- [TASK]: I need all the entries repeated exactly as written.

━━━━━━━━━━━━━━━━

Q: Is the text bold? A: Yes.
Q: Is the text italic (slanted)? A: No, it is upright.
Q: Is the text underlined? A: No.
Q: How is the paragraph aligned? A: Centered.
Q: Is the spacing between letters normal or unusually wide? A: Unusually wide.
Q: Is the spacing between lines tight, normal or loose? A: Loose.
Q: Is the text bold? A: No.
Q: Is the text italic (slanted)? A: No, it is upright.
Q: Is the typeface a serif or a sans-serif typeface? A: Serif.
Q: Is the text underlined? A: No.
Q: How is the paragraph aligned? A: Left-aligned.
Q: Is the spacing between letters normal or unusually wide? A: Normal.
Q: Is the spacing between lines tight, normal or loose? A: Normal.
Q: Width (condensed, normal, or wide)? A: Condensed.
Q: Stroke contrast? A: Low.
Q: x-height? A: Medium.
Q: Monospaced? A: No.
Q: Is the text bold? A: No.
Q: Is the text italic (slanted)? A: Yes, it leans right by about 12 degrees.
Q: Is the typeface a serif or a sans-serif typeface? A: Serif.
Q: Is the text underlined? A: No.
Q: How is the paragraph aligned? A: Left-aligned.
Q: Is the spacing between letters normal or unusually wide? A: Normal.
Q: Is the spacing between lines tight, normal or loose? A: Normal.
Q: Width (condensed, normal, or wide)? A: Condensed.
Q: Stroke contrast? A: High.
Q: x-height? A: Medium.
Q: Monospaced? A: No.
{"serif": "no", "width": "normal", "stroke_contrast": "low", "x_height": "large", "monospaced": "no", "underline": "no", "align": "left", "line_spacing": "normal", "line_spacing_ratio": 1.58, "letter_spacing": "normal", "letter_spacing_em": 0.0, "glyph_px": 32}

━━━━━━━━━━━━━━━━

- [ANSWER TO THIS PROBLEM]:
Q: Is the text bold? A: Yes.
Q: Is the text italic (slanted)? A: No, it is upright.
Q: Is the text underlined? A: No.
Q: How is the paragraph aligned? A: Centered.
Q: Is the spacing between letters normal or unusually wide? A: Unusually wide.
Q: Is the spacing between lines tight, normal or loose? A: Loose.
Q: Is the text bold? A: No.
Q: Is the text italic (slanted)? A: No, it is upright.
Q: Is the typeface a serif or a sans-serif typeface? A: Serif.
Q: Is the text underlined? A: No.
Q: How is the paragraph aligned? A: Left-aligned.
Q: Is the spacing between letters normal or unusually wide? A: Normal.
Q: Is the spacing between lines tight, normal or loose? A: Normal.
Q: Width (condensed, normal, or wide)? A: Condensed.
Q: Stroke contrast? A: Low.
Q: x-height? A: Medium.
Q: Monospaced? A: No.
Q: Is the text bold? A: No.
Q: Is the text italic (slanted)? A: Yes, it leans right by about 12 degrees.
Q: Is the typeface a serif or a sans-serif typeface? A: Serif.
Q: Is the text underlined? A: No.
Q: How is the paragraph aligned? A: Left-aligned.
Q: Is the spacing between letters normal or unusually wide? A: Normal.
Q: Is the spacing between lines tight, normal or loose? A: Normal.
Q: Width (condensed, normal, or wide)? A: Condensed.
Q: Stroke contrast? A: High.
Q: x-height? A: Medium.
Q: Monospaced? A: No.
{"serif": "no", "width": "normal", "stroke_contrast": "low", "x_height": "large", "monospaced": "no", "underline": "no", "align": "left", "line_spacing": "normal", "line_spacing_ratio": 1.58, "letter_spacing": "normal", "letter_spacing_em": 0.0, "glyph_px": 32}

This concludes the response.